SCOTUSblog May Sue Over Senate Denying Press Credentials
A journalist runs a copy of the Supreme Court decision on health care to her colleagues, Thursday, June 28, 2012, in Washington. (AP Photo/Evan Vucci)
A journalist runs a copy of the Supreme Court decision on health care to her colleagues, Thursday, June 28, 2012, in Washington. (AP Photo/Evan Vucci)

NEW YORK -- SCOTUSblog publisher Tom Goldstein wrote Wednesday that the Senate Press Galley has denied its application for a press pass and will not renew a credential previously granted to Lyle Denniston, a veteran Supreme Court reporter who writes for the site.

In a post on his site, Goldstein wrote that SCOTUSblog plans to appeal the decision, and if denied, will “litigate the issue.”

The Senate Press Gallery distributes credentials for news outlets covering Congress. The Press Gallery advises the Standing Committee of Correspondents, which is made up of five elected journalists, and the Standing Committee makes the final decision on credentialing.

Siobhan Hughes, a Wall Street Journal reporter and chairwoman of the Standing Committee of Correspondents, said, "We're not commenting at this point in time." Laura Lytle, director of the Senate Press Gallery, did not immediately respond to a request for comment.
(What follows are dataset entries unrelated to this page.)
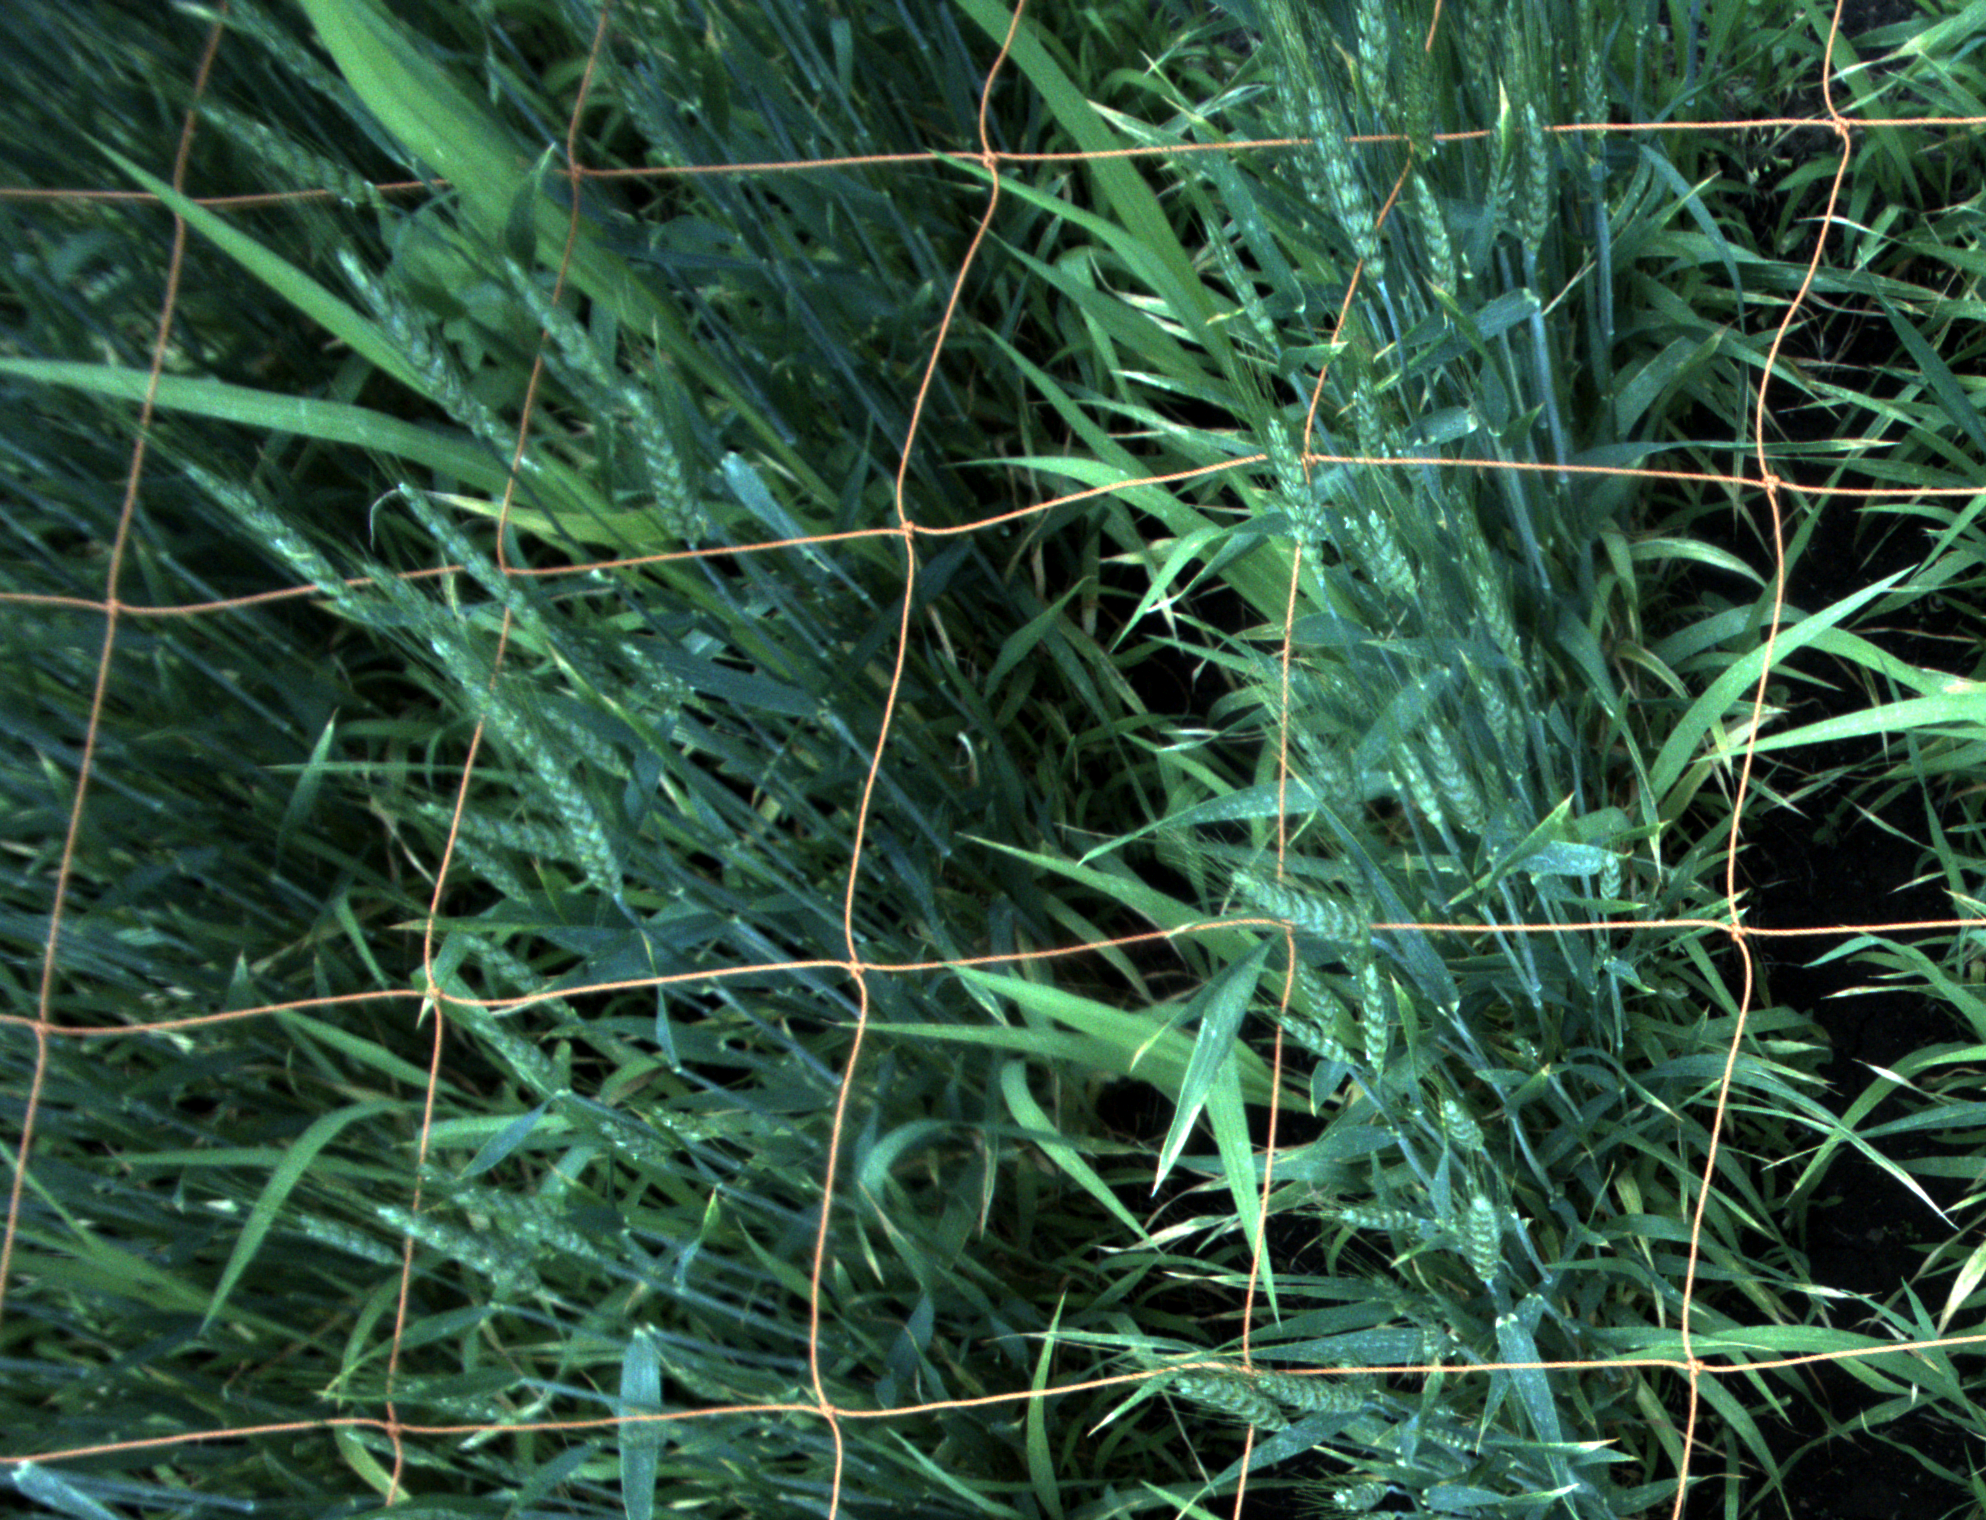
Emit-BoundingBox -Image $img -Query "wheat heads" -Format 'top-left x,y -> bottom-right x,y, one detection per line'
433,637 -> 534,756
1476,672 -> 1512,755
464,1450 -> 537,1481
1400,20 -> 1441,157
228,1 -> 351,104
1341,1204 -> 1416,1234
1467,1195 -> 1500,1280
1532,637 -> 1547,687
454,836 -> 529,904
648,1101 -> 715,1137
372,1505 -> 475,1520
1346,1506 -> 1396,1520
185,462 -> 384,627
1427,717 -> 1488,833
1266,414 -> 1325,582
1296,953 -> 1341,1035
619,81 -> 690,163
1372,1270 -> 1428,1314
511,1219 -> 600,1261
1512,1033 -> 1538,1059
1172,1372 -> 1293,1436
1414,169 -> 1458,296
475,396 -> 539,474
346,1428 -> 443,1467
1599,854 -> 1621,906
445,1187 -> 573,1218
1353,370 -> 1383,458
616,1421 -> 685,1446
1431,1215 -> 1469,1251
376,1204 -> 543,1289
334,245 -> 487,438
471,1017 -> 556,1072
1443,1095 -> 1486,1151
461,931 -> 575,1017
1337,849 -> 1371,907
1483,110 -> 1522,219
595,1117 -> 673,1164
1459,8 -> 1495,87
1356,7 -> 1391,111
1273,57 -> 1329,214
1227,866 -> 1372,941
300,1209 -> 404,1265
506,257 -> 616,386
1331,1479 -> 1389,1510
1419,1320 -> 1443,1358
1447,482 -> 1495,580
1296,726 -> 1365,823
1325,672 -> 1374,718
514,774 -> 560,815
1419,556 -> 1451,634
363,560 -> 464,642
1584,50 -> 1608,138
1486,760 -> 1526,843
1386,416 -> 1426,491
400,483 -> 543,628
531,750 -> 627,898
539,347 -> 609,419
1252,1371 -> 1366,1410
1423,1426 -> 1485,1453
405,1381 -> 506,1424
1476,568 -> 1523,660
1576,3 -> 1595,50
1313,488 -> 1335,535
673,1362 -> 734,1400
411,1159 -> 494,1231
1343,512 -> 1393,600
1500,6 -> 1525,110
1520,101 -> 1549,245
1602,956 -> 1635,983
1261,6 -> 1313,88
415,797 -> 575,859
544,707 -> 632,776
1509,704 -> 1527,759
625,381 -> 701,544
1361,964 -> 1388,1073
620,640 -> 702,711
1203,214 -> 1279,343
199,104 -> 390,213
1369,504 -> 1417,597
607,416 -> 642,488
544,619 -> 619,695
1262,1002 -> 1356,1066
1306,88 -> 1382,280
1590,940 -> 1608,975
1396,735 -> 1443,825

Despite winning major journalism awards and becoming a go-to source for comprehensive coverage of Supreme Court decisions, SCOTUSblog has struggled to obtain press credentials.
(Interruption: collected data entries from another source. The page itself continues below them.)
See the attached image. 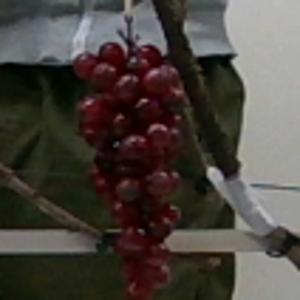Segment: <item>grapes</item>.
I'll use <instances>...</instances> for the list:
<instances>
[{"instance_id": "1", "label": "grapes", "mask_w": 300, "mask_h": 300, "mask_svg": "<svg viewBox=\"0 0 300 300\" xmlns=\"http://www.w3.org/2000/svg\"><path fill=\"white\" fill-rule=\"evenodd\" d=\"M71 73L98 95L77 108L84 142L100 149L89 172L92 196L125 233L100 251L98 262L130 284L126 300H149L171 280L168 243L183 218L174 196L185 187L183 147L192 118L177 91V68L154 44L126 56L121 44L106 40L97 55L80 53Z\"/></svg>"}]
</instances>
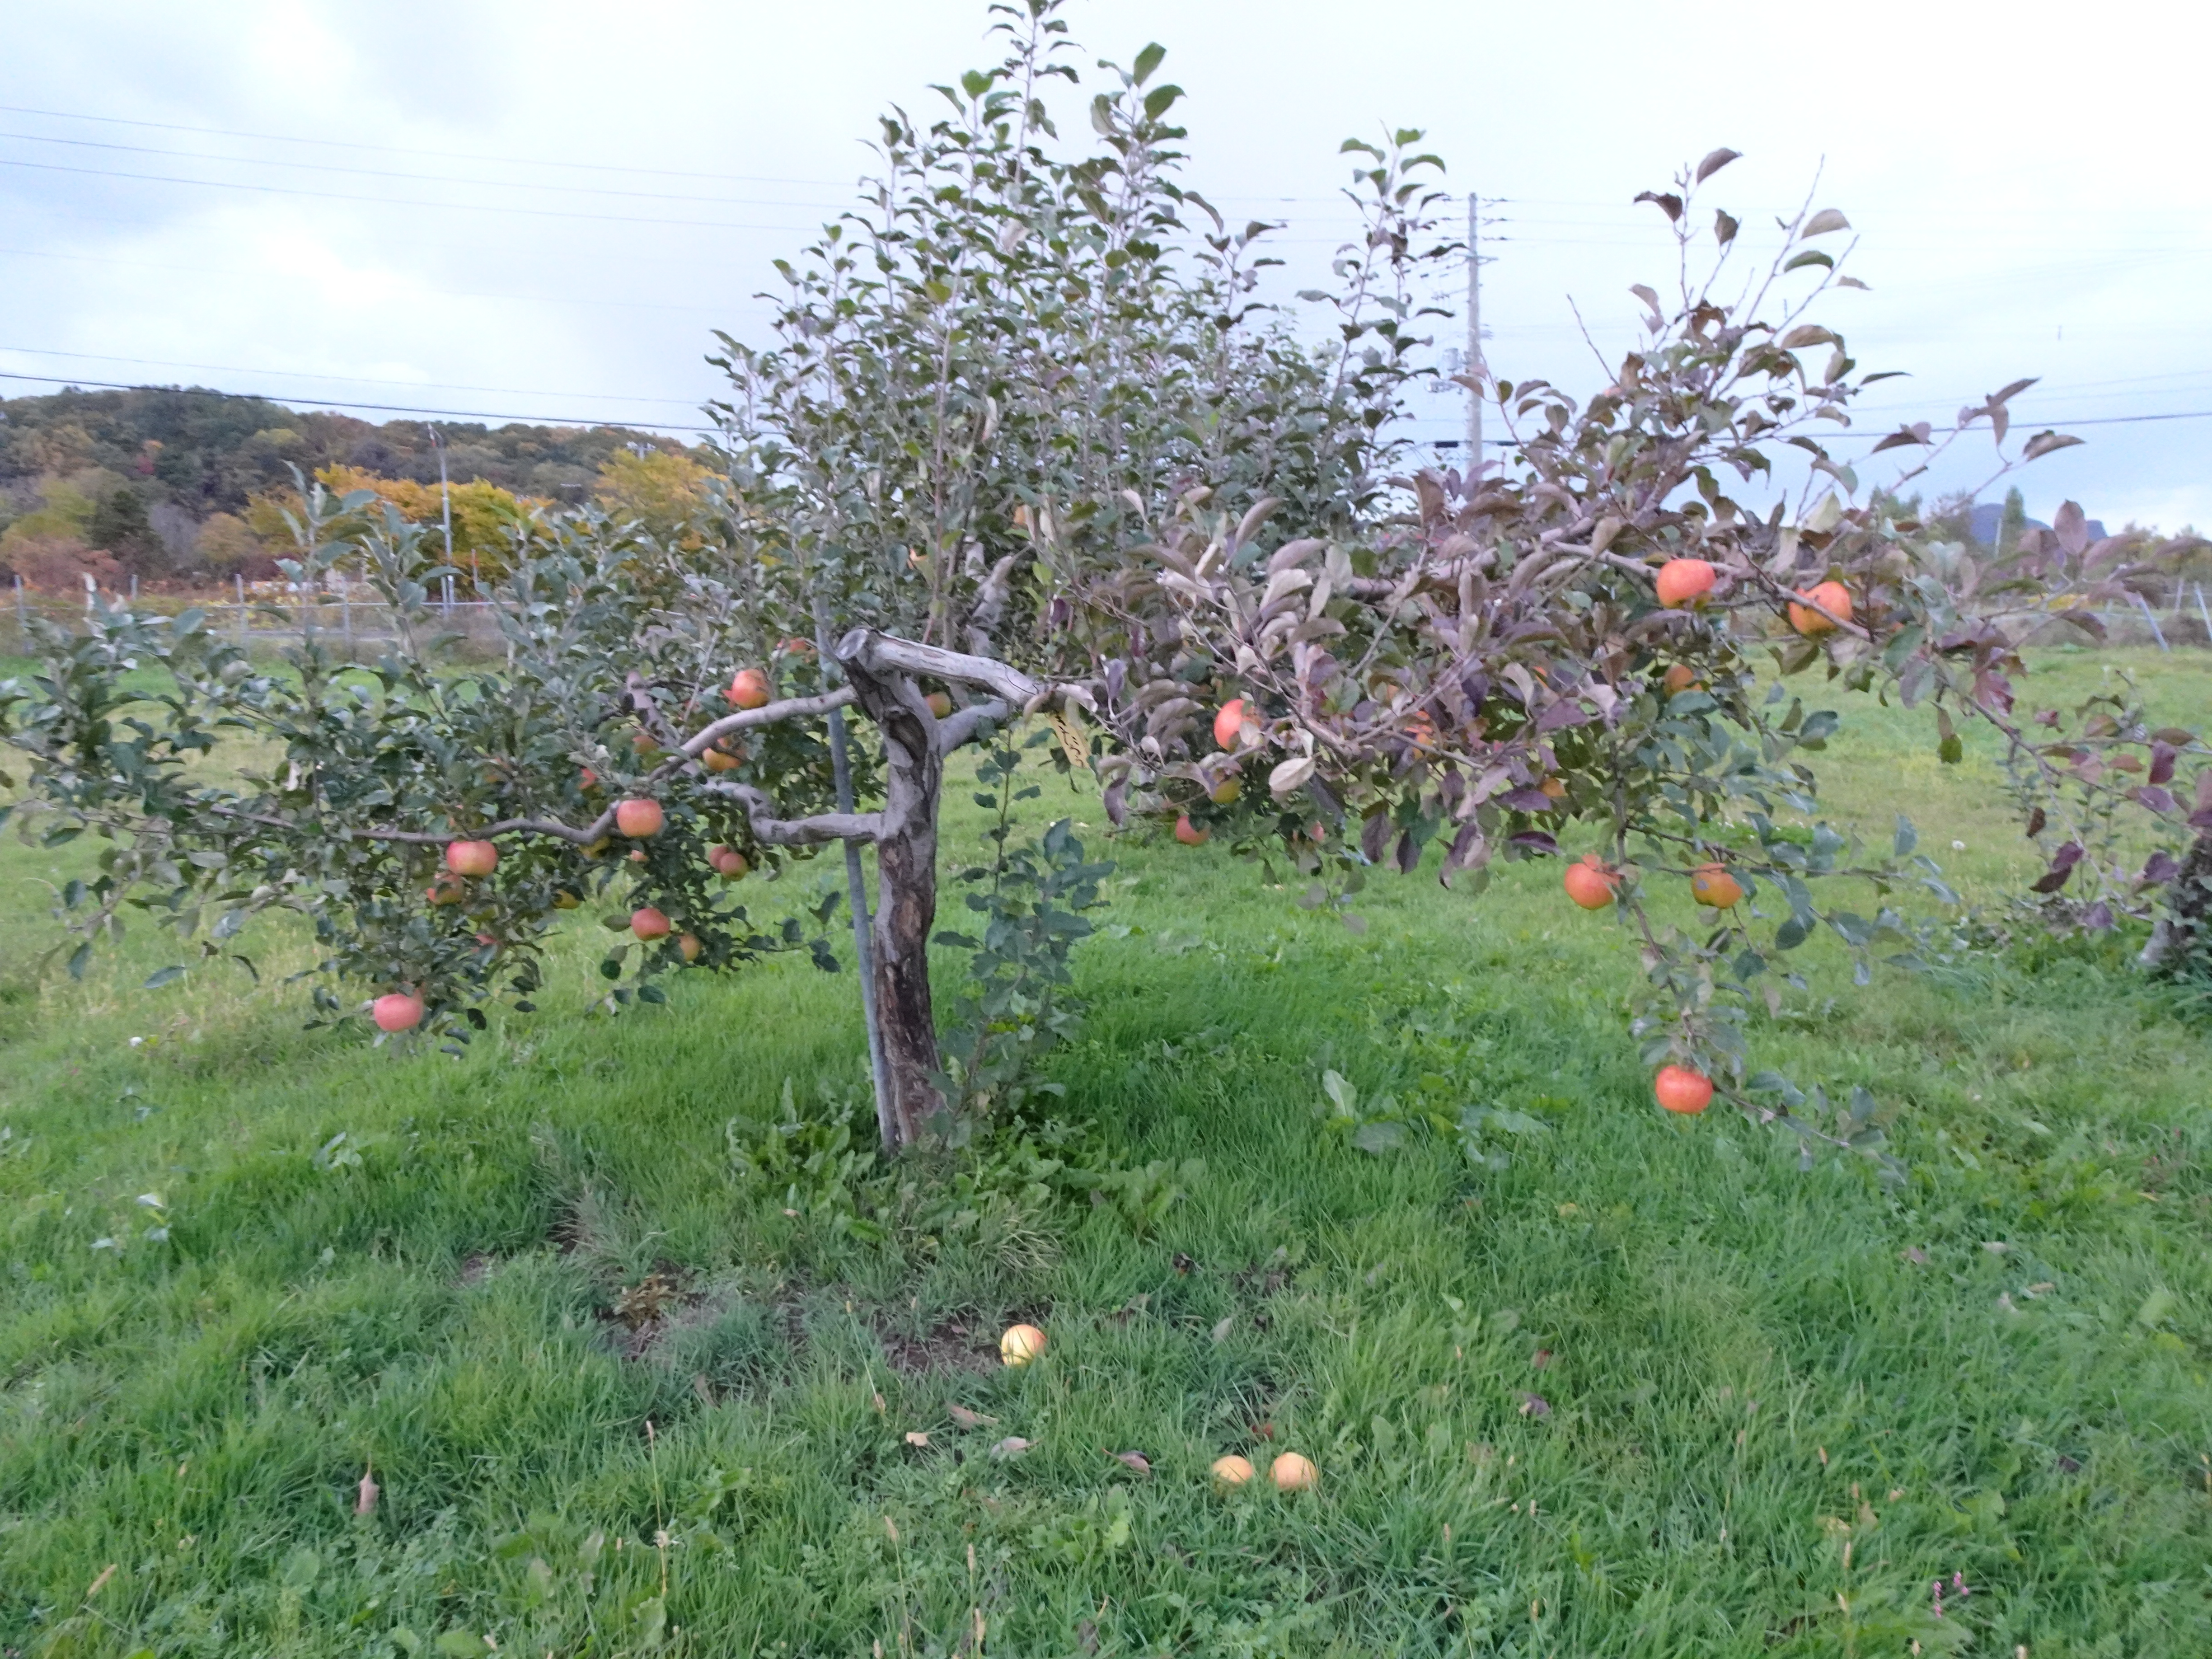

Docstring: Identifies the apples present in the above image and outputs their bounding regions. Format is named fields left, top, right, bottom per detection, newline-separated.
left=623, top=733, right=663, bottom=766
left=918, top=688, right=955, bottom=719
left=631, top=846, right=649, bottom=865
left=445, top=838, right=498, bottom=877
left=1005, top=503, right=1035, bottom=534
left=1662, top=662, right=1712, bottom=707
left=1292, top=816, right=1323, bottom=848
left=905, top=541, right=934, bottom=572
left=424, top=870, right=466, bottom=905
left=770, top=635, right=821, bottom=676
left=808, top=750, right=836, bottom=783
left=1526, top=774, right=1567, bottom=812
left=471, top=931, right=508, bottom=962
left=1203, top=766, right=1241, bottom=805
left=700, top=731, right=749, bottom=779
left=707, top=842, right=732, bottom=871
left=1178, top=810, right=1214, bottom=846
left=721, top=662, right=774, bottom=708
left=374, top=992, right=423, bottom=1032
left=1167, top=640, right=1191, bottom=662
left=574, top=768, right=607, bottom=794
left=1212, top=696, right=1273, bottom=757
left=547, top=876, right=581, bottom=910
left=1655, top=1062, right=1715, bottom=1117
left=486, top=754, right=517, bottom=787
left=631, top=906, right=671, bottom=942
left=449, top=802, right=480, bottom=834
left=1690, top=861, right=1745, bottom=910
left=616, top=797, right=665, bottom=839
left=576, top=820, right=613, bottom=864
left=1157, top=518, right=1205, bottom=571
left=1520, top=663, right=1553, bottom=693
left=665, top=928, right=702, bottom=962
left=1400, top=708, right=1450, bottom=762
left=1385, top=680, right=1411, bottom=706
left=674, top=701, right=711, bottom=733
left=1789, top=575, right=1856, bottom=638
left=1562, top=851, right=1627, bottom=915
left=1493, top=732, right=1520, bottom=760
left=721, top=851, right=749, bottom=885
left=1653, top=556, right=1721, bottom=616

The Supreme Court has never credentialed SCOTUSblog, although Denniston currently has a credential for his work with Boston public radio station WBUR. For now, SCOTUSblog can request public seats for cases, but cannot send another reporter in Denniston's place. Denniston has covered the Supreme Court for over 50 years, and if he were to retire, SCOTUSBlog would be without anyone with a pass.

In July 2012, Poynter looked at the byzantine credential process and noted that the Supreme Court bases its decision on whether the applicant is already credentialed by the White House or Congress. If SCOTUSblog could secure one of those credentials, the publication might have a better chance of getting the Supreme Court credential.
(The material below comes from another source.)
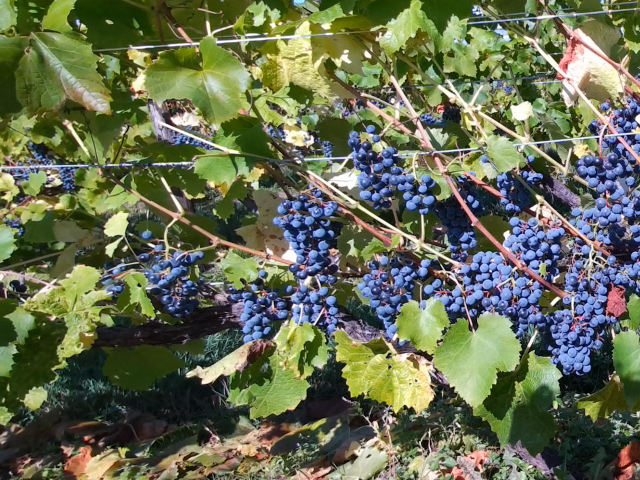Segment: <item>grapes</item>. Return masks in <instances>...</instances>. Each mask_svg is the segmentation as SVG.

Joe Keenan, then the director of the Senate Press Gallery, told Poynter in 2012 that SCOTUSblog “failed to show that they were separate from the law firm” where Goldstein and his wife and site co-founder, Amy Howe, practiced.

The Senate Press Galley's guidelines state that applicants "must not be engaged in any lobbying or paid advocacy, advertising, publicity or promotion work" and "must not be involved in prosecuting any claim before Congress or any federal government department."

But in April 2013, the Senate Press Galley granted Denniston a credential to represent SCOTUSblog, and the situation appeared resolved.

Now, a year later, SCOTUSblog finds itself without a Congressional credential, and Goldstein said he isn't clear on what changed.

"We weren’t given a reason for the denial," Goldstein said in an email to The Huffington Post. "I did have a series of calls and emails with the [Senate Press Gallery] director over the past year, in which she asked a variety of questions and raised various concerns. We actually adopted a stronger conflict-related policy to address them -- ie, a rule that not only would a person from the firm not comment on any case in which we are involved, but that no person who reports to me even as a blog employee can do that. But I don’t know their reason for ultimately turning us down."

"As things stand now, we’ll sue," Goldstein said when asked about any plans to litigate.

"That said, things could change," he continued. "In particular, they might have a compelling reason for denying us a credential that they haven’t given us yet."

This story has been updated with a comment from Siobhan Hughes.